:: Provided entries ::
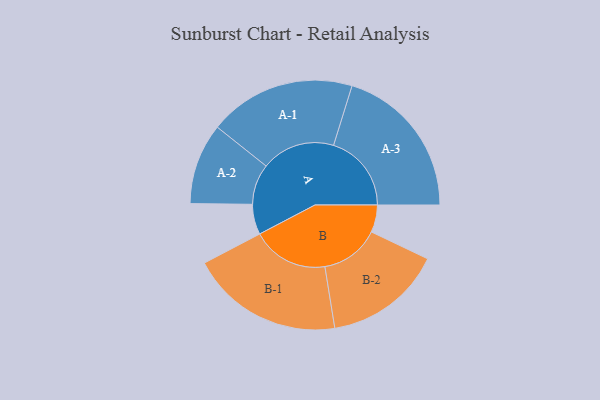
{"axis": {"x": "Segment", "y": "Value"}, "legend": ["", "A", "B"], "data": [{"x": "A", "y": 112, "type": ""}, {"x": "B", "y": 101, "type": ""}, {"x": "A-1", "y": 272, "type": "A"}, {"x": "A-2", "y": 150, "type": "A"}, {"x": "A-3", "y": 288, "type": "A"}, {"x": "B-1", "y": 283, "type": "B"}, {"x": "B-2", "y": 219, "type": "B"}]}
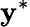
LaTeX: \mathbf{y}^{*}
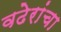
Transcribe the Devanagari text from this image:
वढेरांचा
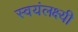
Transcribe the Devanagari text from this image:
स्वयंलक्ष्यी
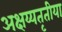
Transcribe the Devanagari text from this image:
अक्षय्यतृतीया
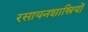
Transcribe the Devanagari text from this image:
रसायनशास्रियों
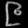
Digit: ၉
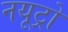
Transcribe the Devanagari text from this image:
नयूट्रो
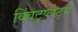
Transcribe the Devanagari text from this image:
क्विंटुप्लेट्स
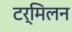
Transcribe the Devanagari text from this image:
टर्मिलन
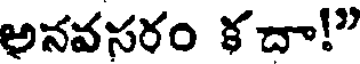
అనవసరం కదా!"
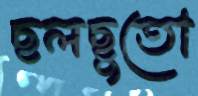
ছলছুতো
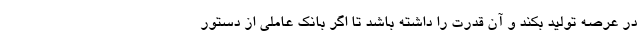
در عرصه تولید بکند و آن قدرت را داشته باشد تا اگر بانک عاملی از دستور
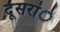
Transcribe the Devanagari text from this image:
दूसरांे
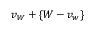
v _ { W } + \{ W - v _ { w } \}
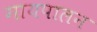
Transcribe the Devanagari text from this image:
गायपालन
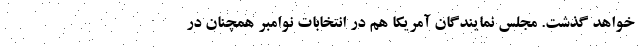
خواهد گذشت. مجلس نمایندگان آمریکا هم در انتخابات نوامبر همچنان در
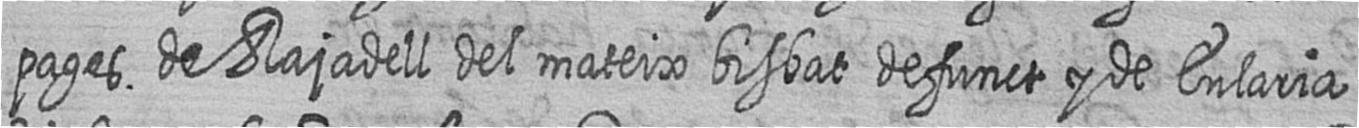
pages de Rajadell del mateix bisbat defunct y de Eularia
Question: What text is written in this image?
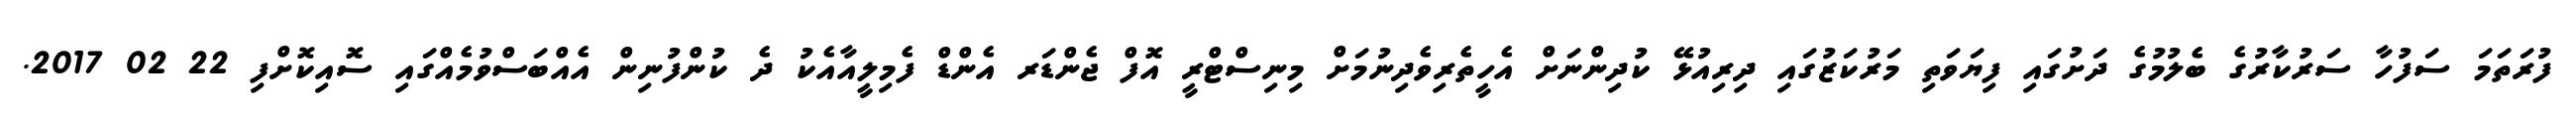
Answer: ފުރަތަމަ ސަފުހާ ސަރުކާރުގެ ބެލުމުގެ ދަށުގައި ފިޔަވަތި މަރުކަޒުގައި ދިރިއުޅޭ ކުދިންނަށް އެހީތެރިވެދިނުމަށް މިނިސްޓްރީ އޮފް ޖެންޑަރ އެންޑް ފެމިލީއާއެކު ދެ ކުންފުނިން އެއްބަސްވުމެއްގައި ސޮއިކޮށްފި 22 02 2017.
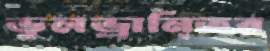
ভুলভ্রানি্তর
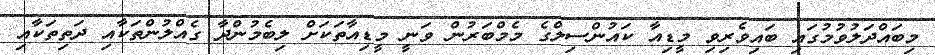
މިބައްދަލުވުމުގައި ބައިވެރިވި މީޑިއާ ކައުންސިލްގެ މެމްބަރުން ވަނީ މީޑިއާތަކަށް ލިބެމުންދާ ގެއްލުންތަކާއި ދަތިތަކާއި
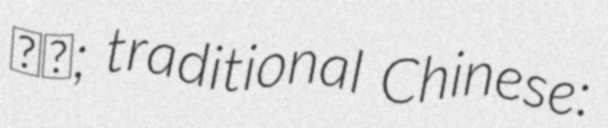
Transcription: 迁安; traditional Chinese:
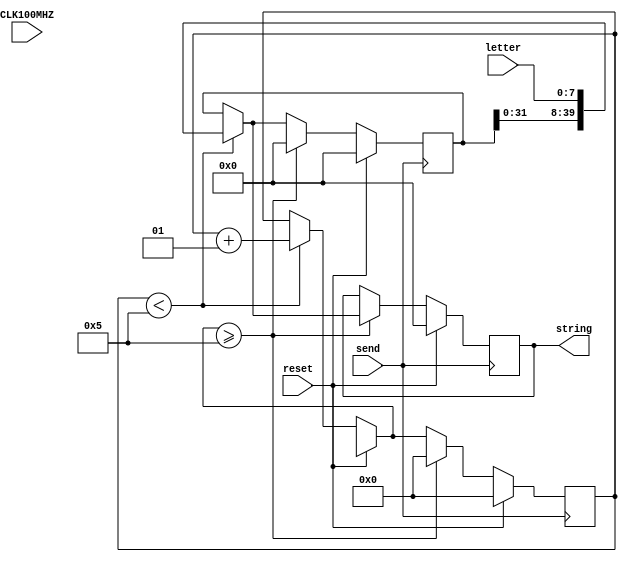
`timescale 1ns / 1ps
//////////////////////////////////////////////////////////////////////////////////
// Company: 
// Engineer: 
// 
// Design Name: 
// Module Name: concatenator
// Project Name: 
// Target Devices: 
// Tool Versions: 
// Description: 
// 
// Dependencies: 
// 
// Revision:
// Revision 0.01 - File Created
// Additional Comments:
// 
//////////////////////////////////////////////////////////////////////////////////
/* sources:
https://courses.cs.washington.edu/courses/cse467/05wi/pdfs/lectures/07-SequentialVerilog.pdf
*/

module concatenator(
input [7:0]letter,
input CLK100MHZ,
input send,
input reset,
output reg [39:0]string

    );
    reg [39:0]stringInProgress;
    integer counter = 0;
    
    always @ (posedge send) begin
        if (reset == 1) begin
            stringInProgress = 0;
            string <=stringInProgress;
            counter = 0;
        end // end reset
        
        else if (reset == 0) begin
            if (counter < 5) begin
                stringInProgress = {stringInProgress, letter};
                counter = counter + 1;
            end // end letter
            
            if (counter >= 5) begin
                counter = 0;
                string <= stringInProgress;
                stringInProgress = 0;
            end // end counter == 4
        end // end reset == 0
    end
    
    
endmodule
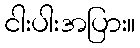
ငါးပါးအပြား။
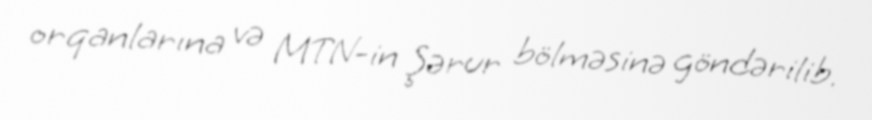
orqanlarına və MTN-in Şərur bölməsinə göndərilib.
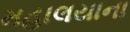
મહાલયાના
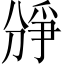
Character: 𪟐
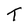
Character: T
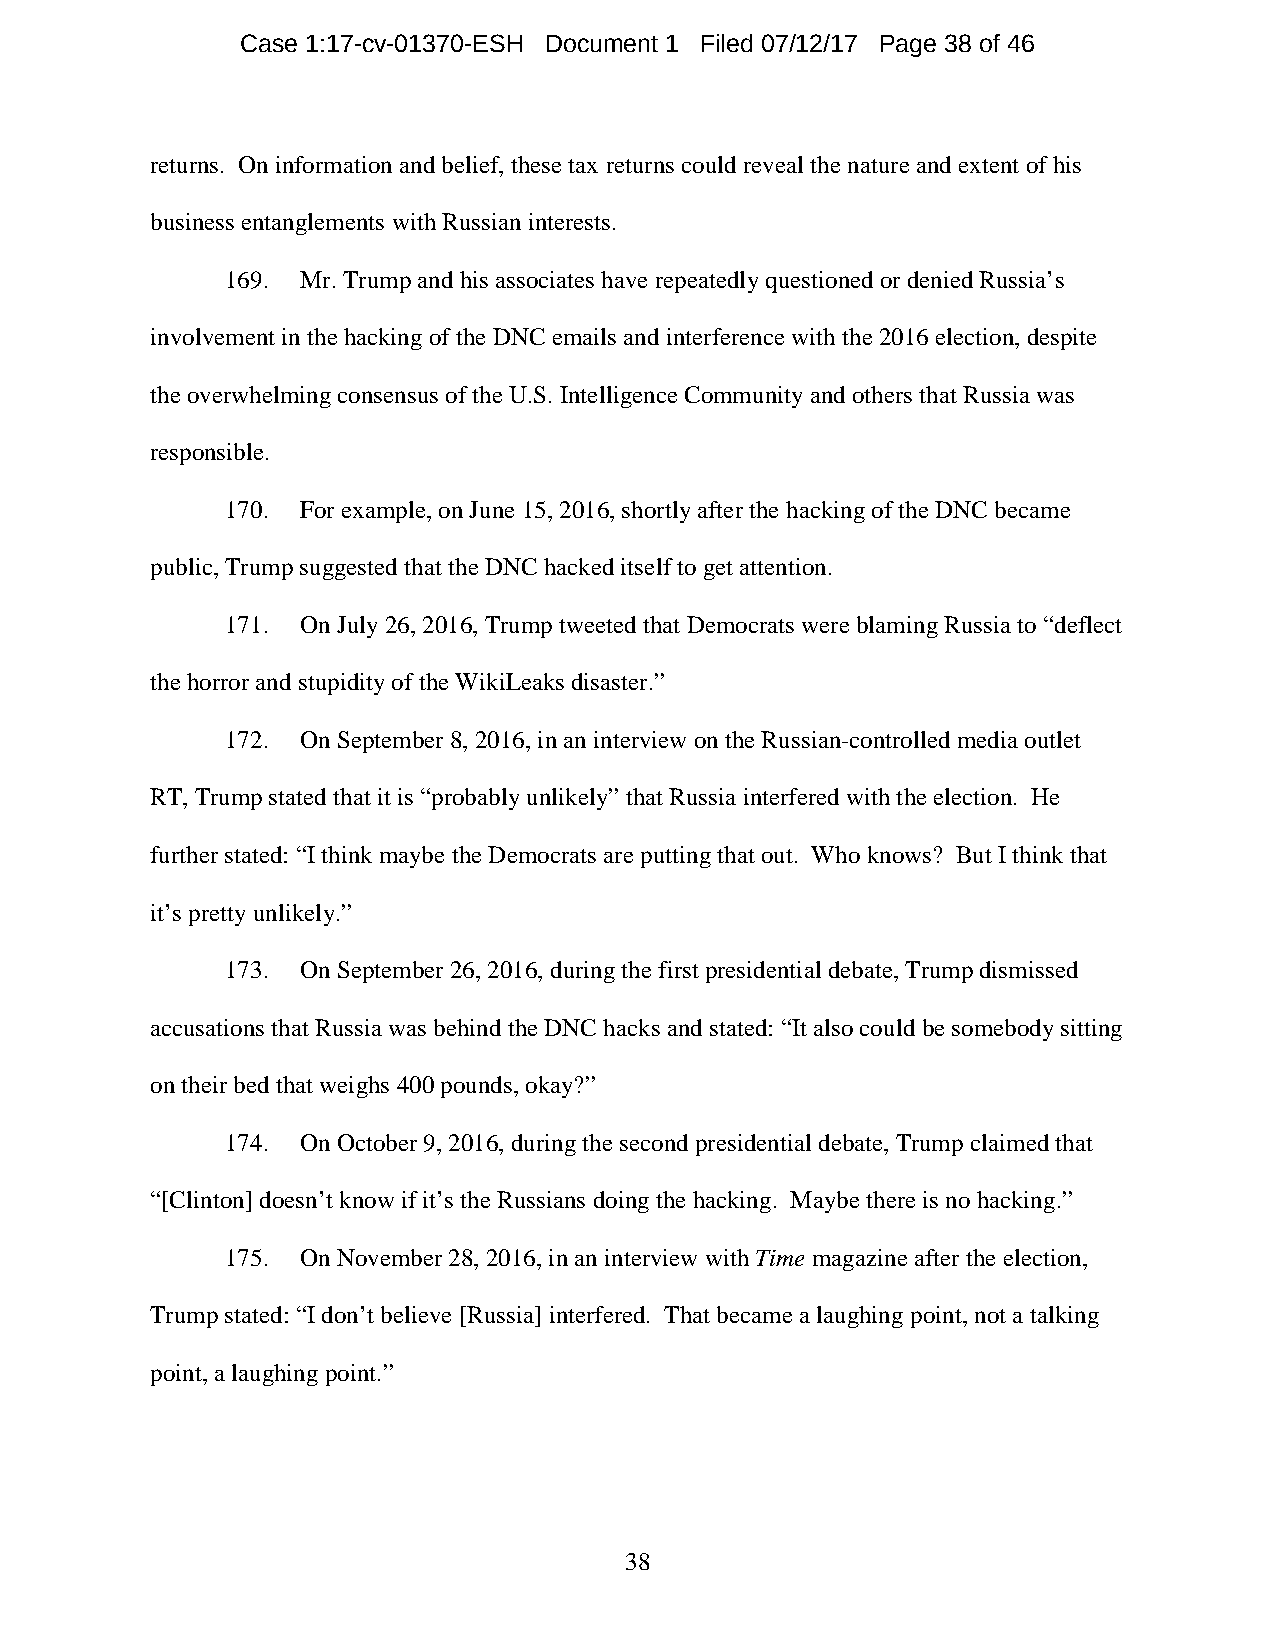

:: What is needed ::
Write out word for word every line from the line with "Question: What text is written in this image?" through the final line of the records, both included, skipping the pictures.

:: Reply ::
Question: What text is written in this image?
Answer: ފުރަތަމަ ސަފުހާ ސަރުކާރުގެ ބެލުމުގެ ދަށުގައި ފިޔަވަތި މަރުކަޒުގައި ދިރިއުޅޭ ކުދިންނަށް އެހީތެރިވެދިނުމަށް މިނިސްޓްރީ އޮފް ޖެންޑަރ އެންޑް ފެމިލީއާއެކު ދެ ކުންފުނިން އެއްބަސްވުމެއްގައި ސޮއިކޮށްފި 22 02 2017.
ভুলভ্রানি্তর
މިބައްދަލުވުމުގައި ބައިވެރިވި މީޑިއާ ކައުންސިލްގެ މެމްބަރުން ވަނީ މީޑިއާތަކަށް ލިބެމުންދާ ގެއްލުންތަކާއި ދަތިތަކާއި
Transcription: 迁安; traditional Chinese:
`timescale 1ns / 1ps
//////////////////////////////////////////////////////////////////////////////////
// Company: 
// Engineer: 
// 
// Design Name: 
// Module Name: concatenator
// Project Name: 
// Target Devices: 
// Tool Versions: 
// Description: 
// 
// Dependencies: 
// 
// Revision:
// Revision 0.01 - File Created
// Additional Comments:
// 
//////////////////////////////////////////////////////////////////////////////////
/* sources:
https://courses.cs.washington.edu/courses/cse467/05wi/pdfs/lectures/07-SequentialVerilog.pdf
*/

module concatenator(
input [7:0]letter,
input CLK100MHZ,
input send,
input reset,
output reg [39:0]string

    );
    reg [39:0]stringInProgress;
    integer counter = 0;
    
    always @ (posedge send) begin
        if (reset == 1) begin
            stringInProgress = 0;
            string <=stringInProgress;
            counter = 0;
        end // end reset
        
        else if (reset == 0) begin
            if (counter < 5) begin
                stringInProgress = {stringInProgress, letter};
                counter = counter + 1;
            end // end letter
            
            if (counter >= 5) begin
                counter = 0;
                string <= stringInProgress;
                stringInProgress = 0;
            end // end counter == 4
        end // end reset == 0
    end
    
    
endmodule
ငါးပါးအပြား။
orqanlarına və MTN-in Şərur bölməsinə göndərilib.
મહાલયાના
Character: 𪟐
Character: T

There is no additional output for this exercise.